• **What to produce**: For the material below, state how many lines have the word "scale" in them, with no other words.
### Exercise material ###
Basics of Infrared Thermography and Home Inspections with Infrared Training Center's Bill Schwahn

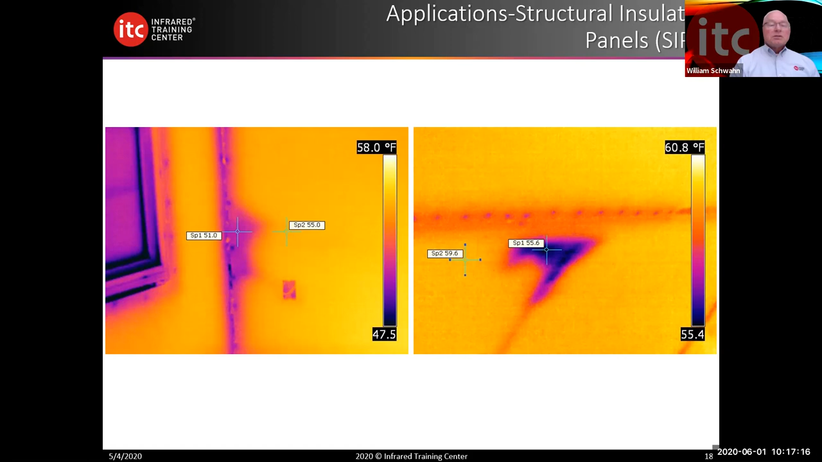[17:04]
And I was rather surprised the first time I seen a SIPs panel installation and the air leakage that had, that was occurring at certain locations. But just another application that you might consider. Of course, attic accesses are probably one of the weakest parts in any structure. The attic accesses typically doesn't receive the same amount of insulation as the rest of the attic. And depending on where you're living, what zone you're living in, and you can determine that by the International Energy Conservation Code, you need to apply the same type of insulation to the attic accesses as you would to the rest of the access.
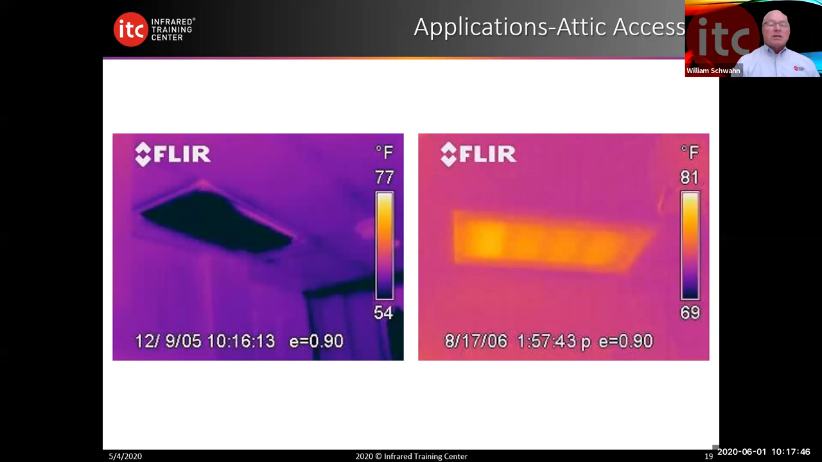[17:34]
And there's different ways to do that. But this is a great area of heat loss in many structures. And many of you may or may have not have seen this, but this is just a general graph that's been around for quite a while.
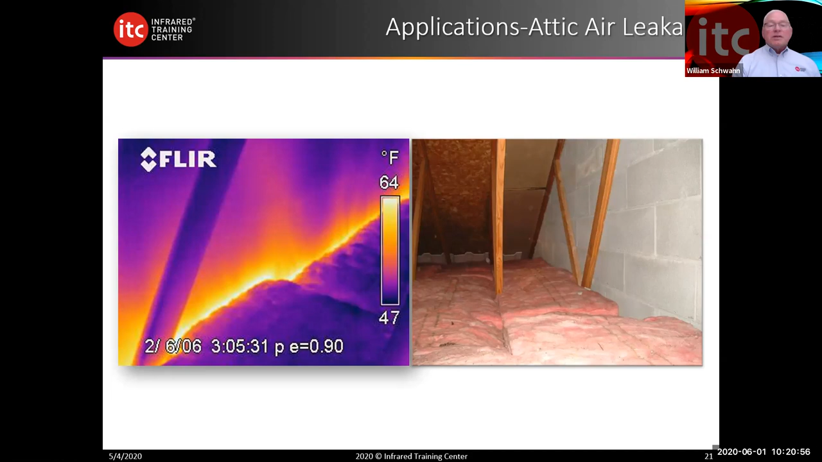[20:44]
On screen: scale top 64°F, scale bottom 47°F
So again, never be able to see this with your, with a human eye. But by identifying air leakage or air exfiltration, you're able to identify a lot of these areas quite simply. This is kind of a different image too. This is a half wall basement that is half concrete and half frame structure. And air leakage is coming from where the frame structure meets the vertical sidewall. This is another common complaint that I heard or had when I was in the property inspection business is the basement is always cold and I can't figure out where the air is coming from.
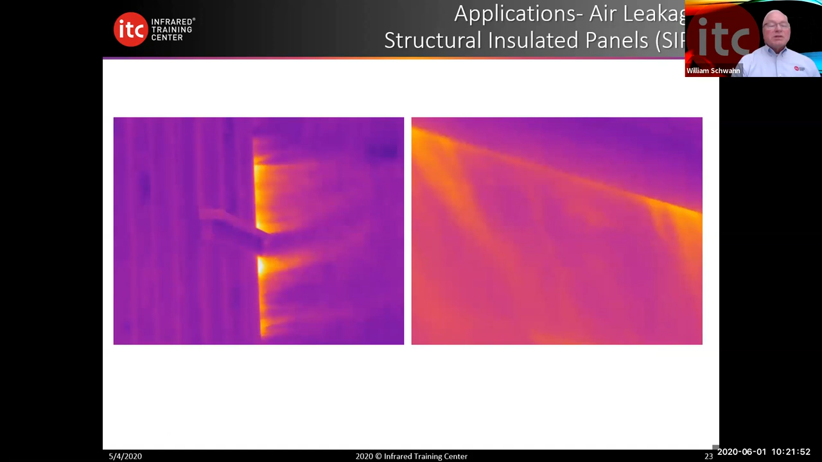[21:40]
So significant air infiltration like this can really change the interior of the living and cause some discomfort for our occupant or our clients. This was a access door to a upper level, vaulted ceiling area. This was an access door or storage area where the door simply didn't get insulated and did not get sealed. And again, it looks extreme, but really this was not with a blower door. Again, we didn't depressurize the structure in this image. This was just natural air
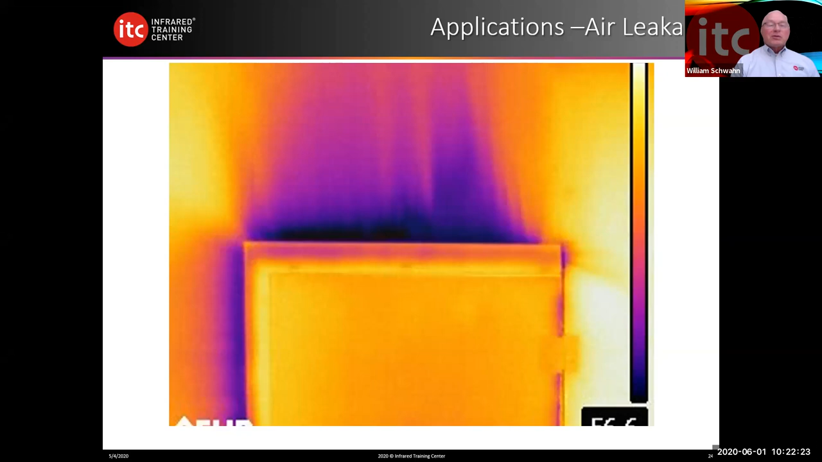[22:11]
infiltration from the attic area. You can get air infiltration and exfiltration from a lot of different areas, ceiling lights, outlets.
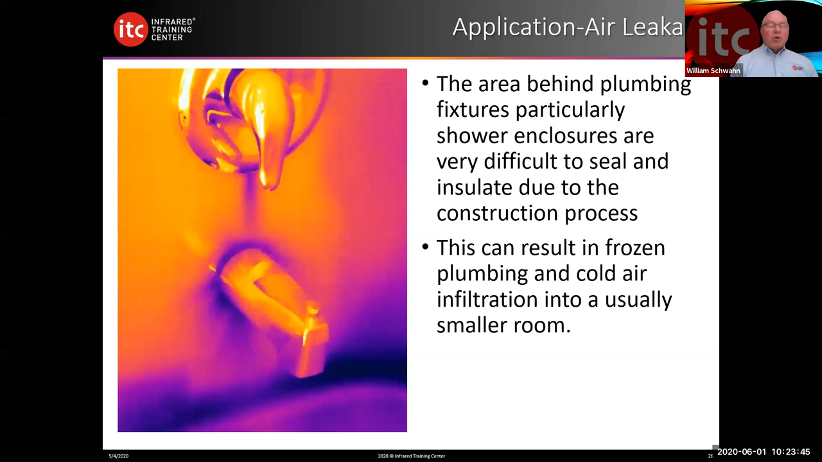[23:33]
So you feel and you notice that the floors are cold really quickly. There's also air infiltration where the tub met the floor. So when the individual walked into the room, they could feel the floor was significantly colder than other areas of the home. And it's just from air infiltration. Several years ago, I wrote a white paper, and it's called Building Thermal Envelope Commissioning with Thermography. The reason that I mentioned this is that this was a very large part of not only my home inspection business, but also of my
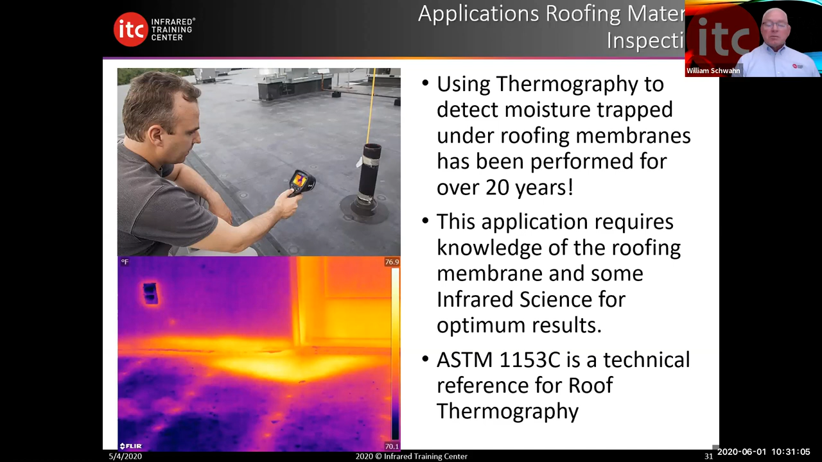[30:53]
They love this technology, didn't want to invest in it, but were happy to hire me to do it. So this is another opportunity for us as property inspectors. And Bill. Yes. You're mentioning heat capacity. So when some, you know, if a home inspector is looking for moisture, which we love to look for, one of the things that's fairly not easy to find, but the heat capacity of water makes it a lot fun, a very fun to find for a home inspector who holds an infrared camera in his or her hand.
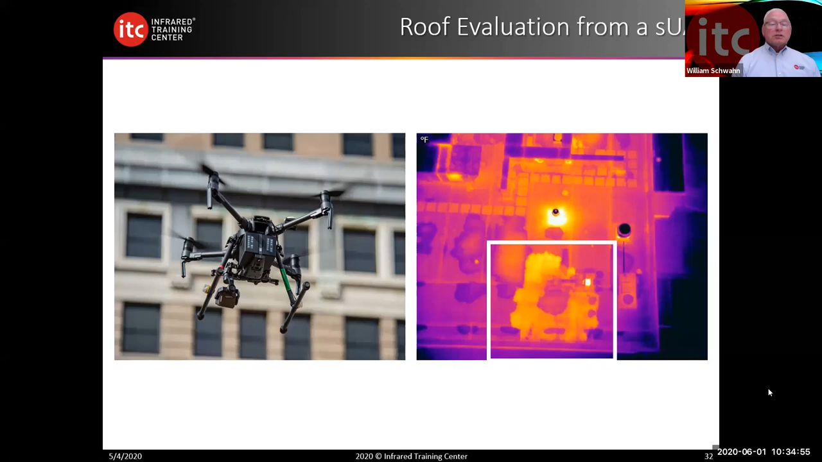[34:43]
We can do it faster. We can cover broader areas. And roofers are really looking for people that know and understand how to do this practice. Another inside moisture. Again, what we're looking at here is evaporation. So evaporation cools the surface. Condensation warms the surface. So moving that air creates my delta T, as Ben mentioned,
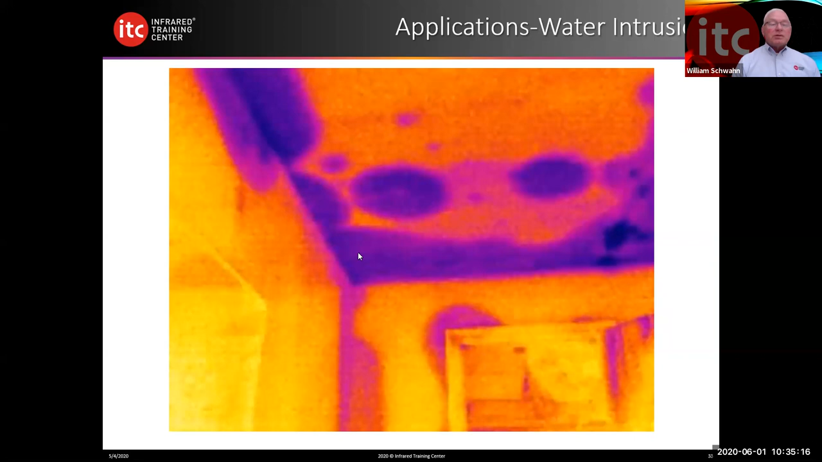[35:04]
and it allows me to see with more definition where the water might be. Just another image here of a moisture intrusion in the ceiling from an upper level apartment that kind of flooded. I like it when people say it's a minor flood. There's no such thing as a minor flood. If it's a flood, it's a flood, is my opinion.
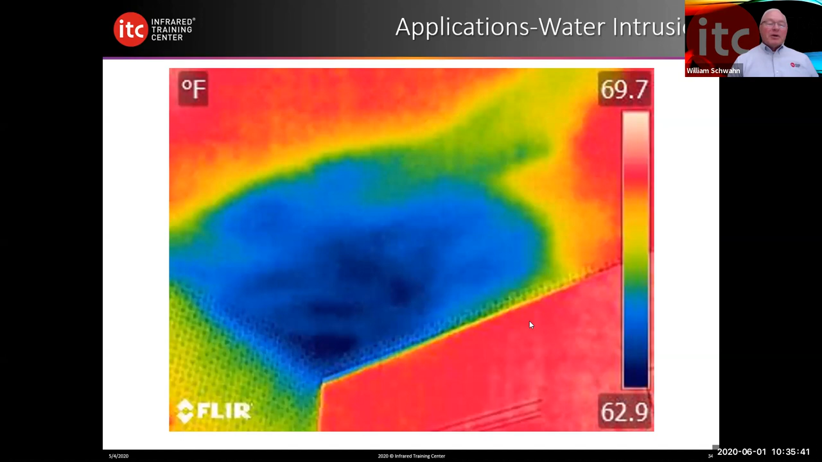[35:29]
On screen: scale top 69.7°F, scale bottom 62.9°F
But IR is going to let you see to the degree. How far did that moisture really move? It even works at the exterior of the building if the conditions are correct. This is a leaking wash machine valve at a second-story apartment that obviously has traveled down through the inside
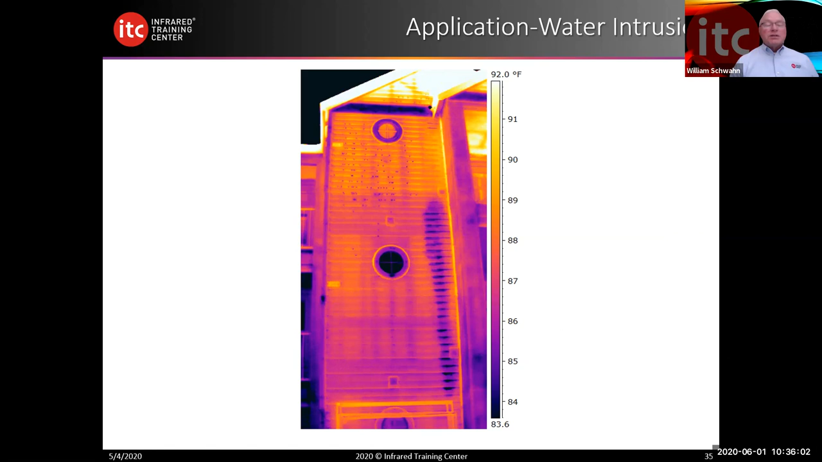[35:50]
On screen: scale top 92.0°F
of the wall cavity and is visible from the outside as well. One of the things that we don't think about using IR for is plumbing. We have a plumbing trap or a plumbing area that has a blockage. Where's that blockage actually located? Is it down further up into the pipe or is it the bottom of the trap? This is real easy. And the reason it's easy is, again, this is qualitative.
###
• **Expected output**: 3